======== DATA UNDER STUDY

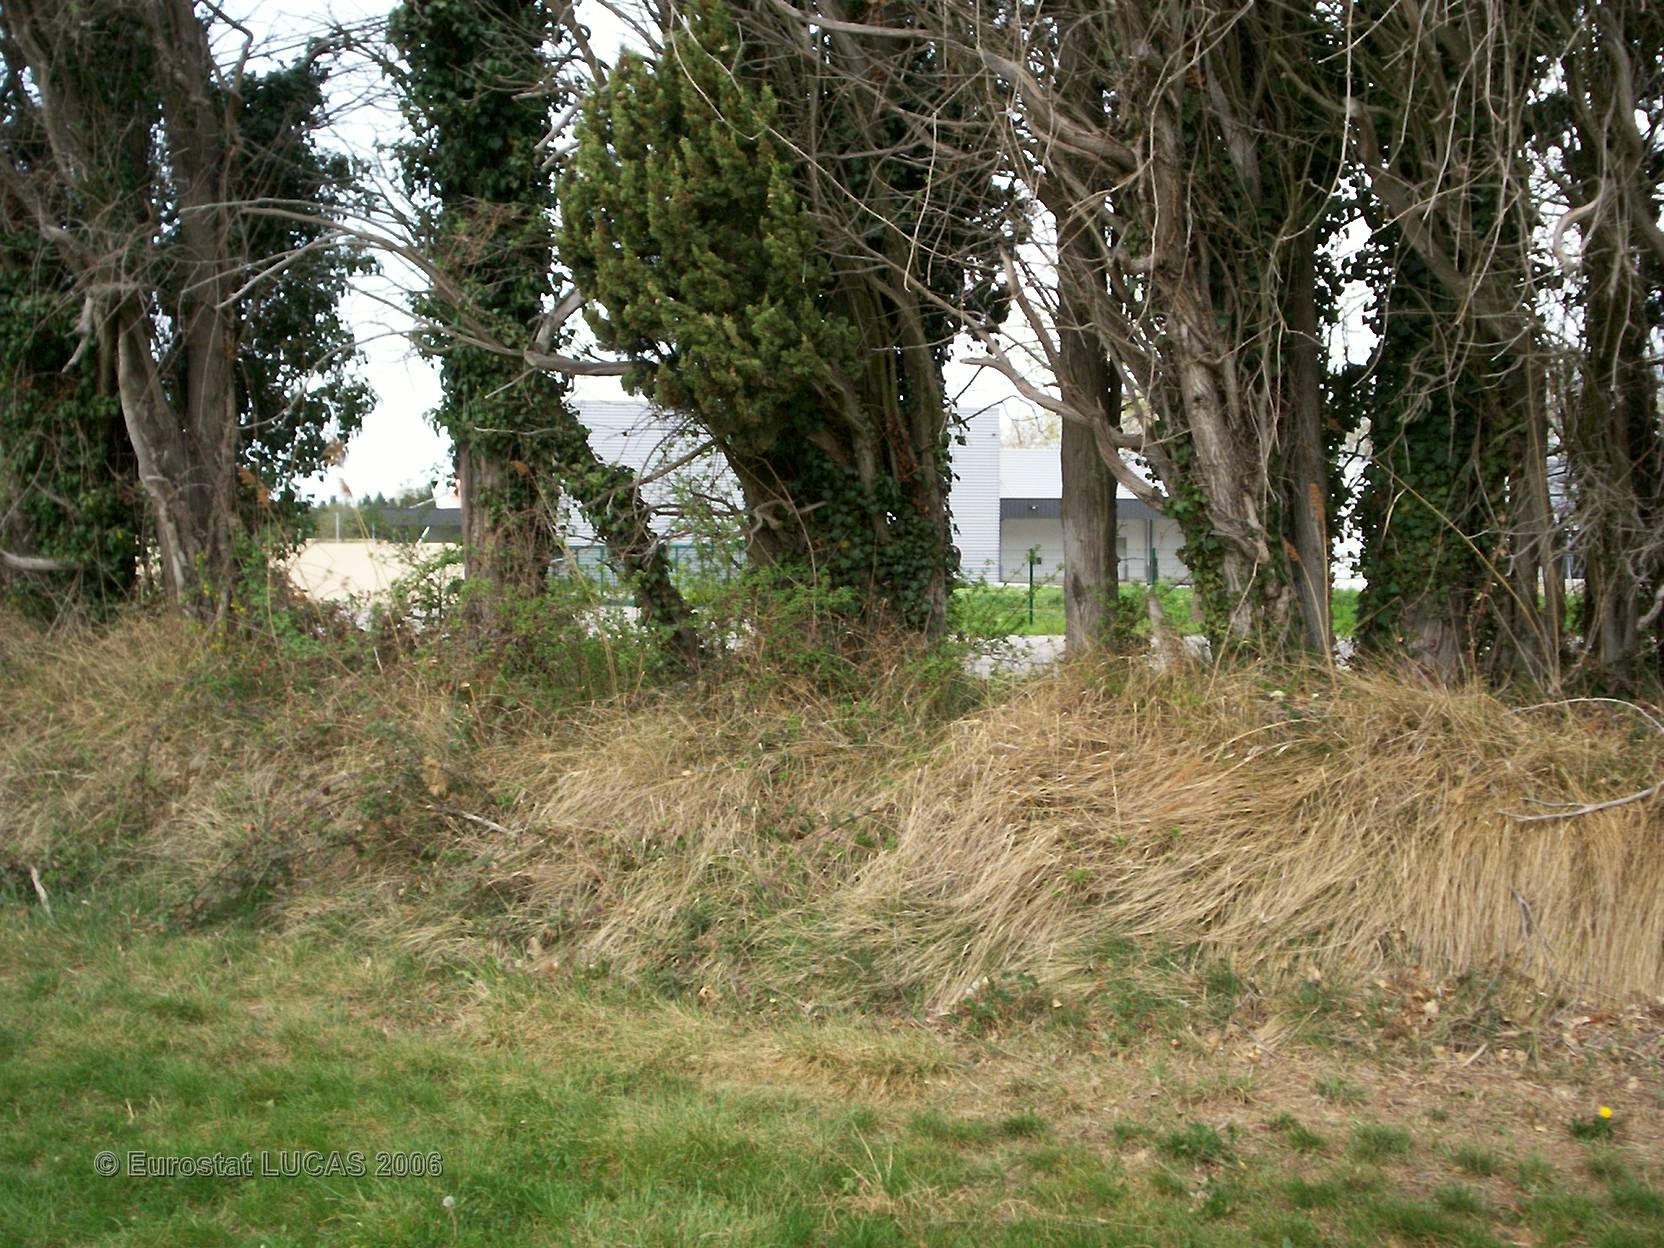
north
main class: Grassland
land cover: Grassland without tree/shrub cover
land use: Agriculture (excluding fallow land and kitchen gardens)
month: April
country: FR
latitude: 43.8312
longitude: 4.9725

================
======== DATA UNDER STUDY

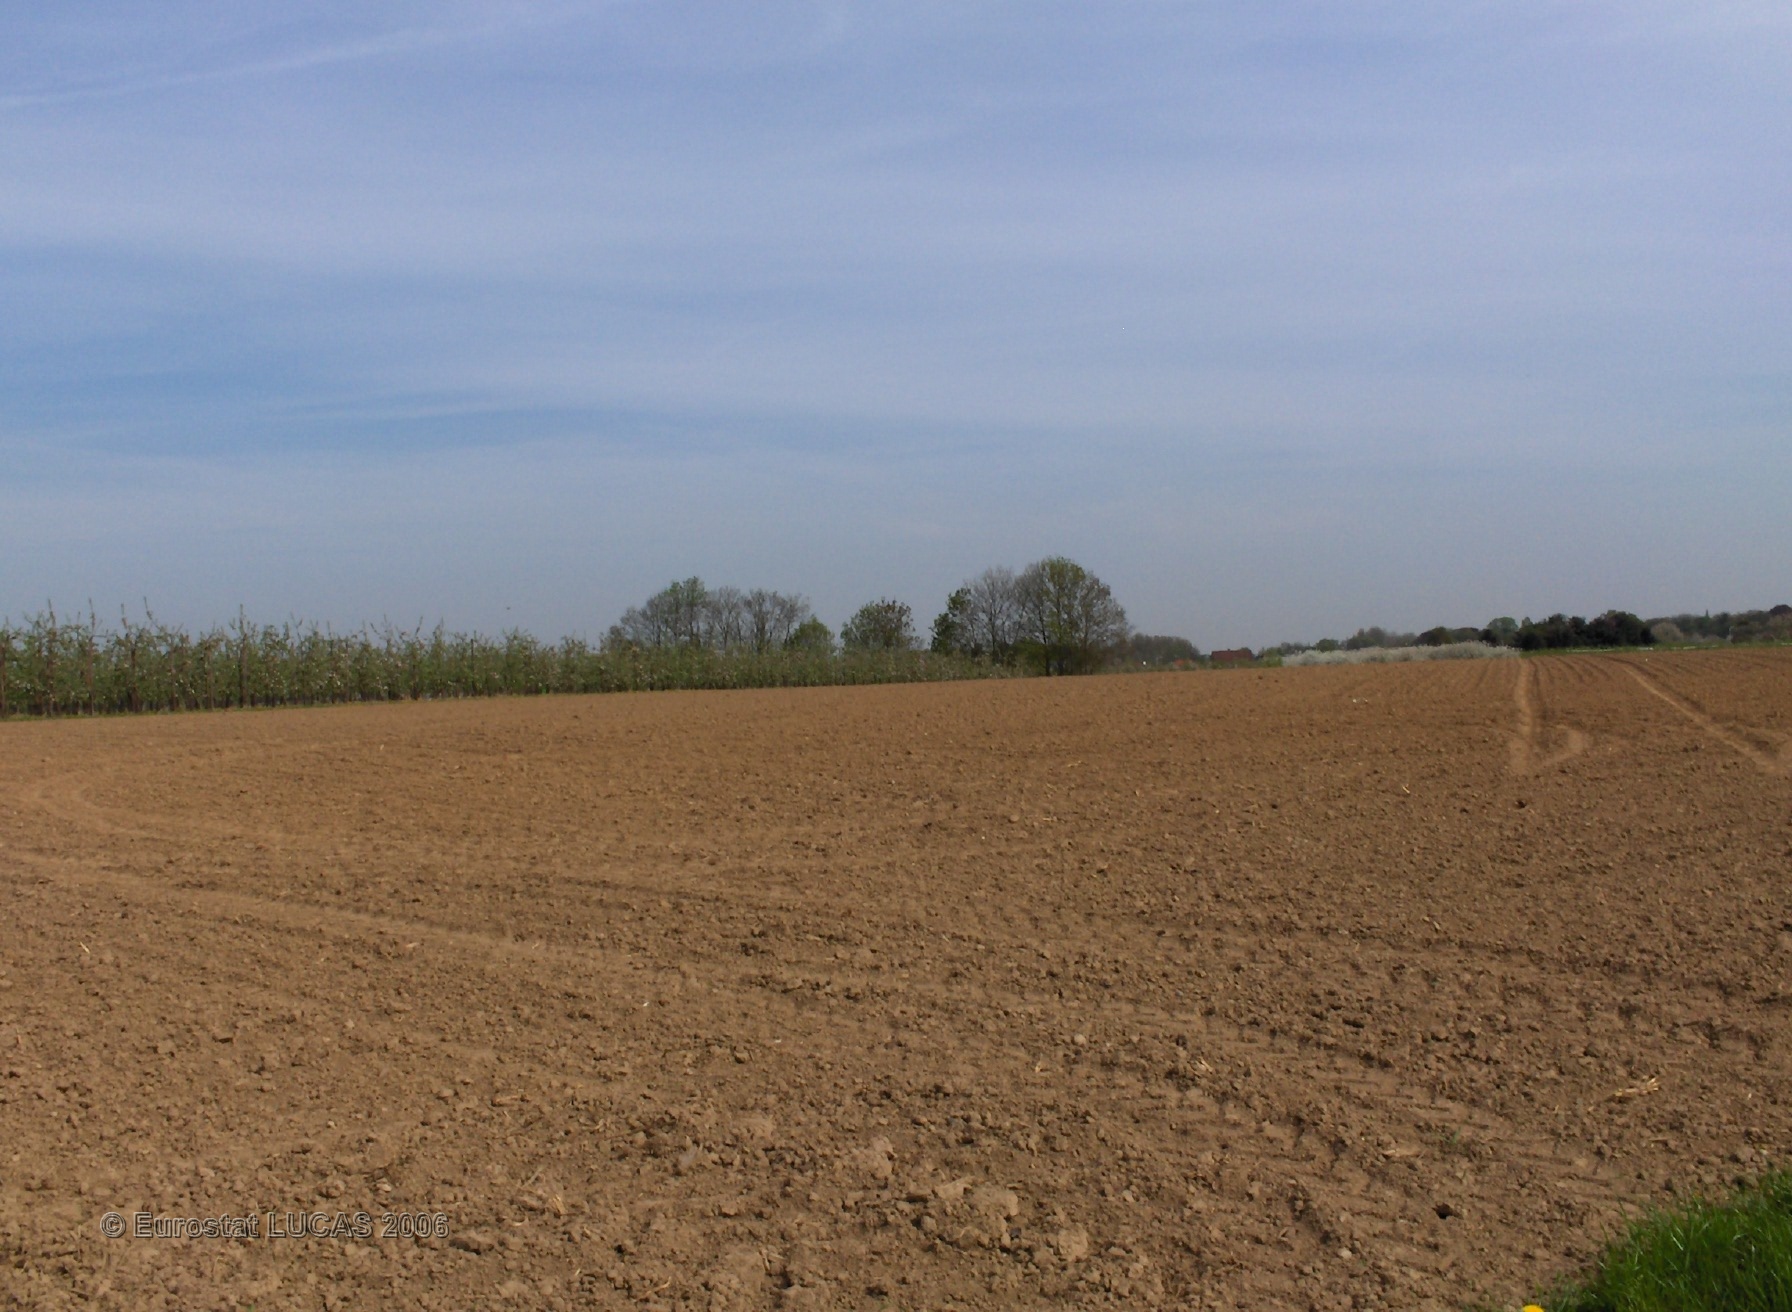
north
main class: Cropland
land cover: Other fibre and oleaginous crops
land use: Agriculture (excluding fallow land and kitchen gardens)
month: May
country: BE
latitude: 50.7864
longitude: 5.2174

================

### WORK ORDER:
Out of the data above, give again only the lines starting at the one holding "land cover: Other fibre and oleaginous crops" and ending at the one holding "longitude: 5.2174", unchanged.

### ANSWER SECTION:
land cover: Other fibre and oleaginous crops
land use: Agriculture (excluding fallow land and kitchen gardens)
month: May
country: BE
latitude: 50.7864
longitude: 5.2174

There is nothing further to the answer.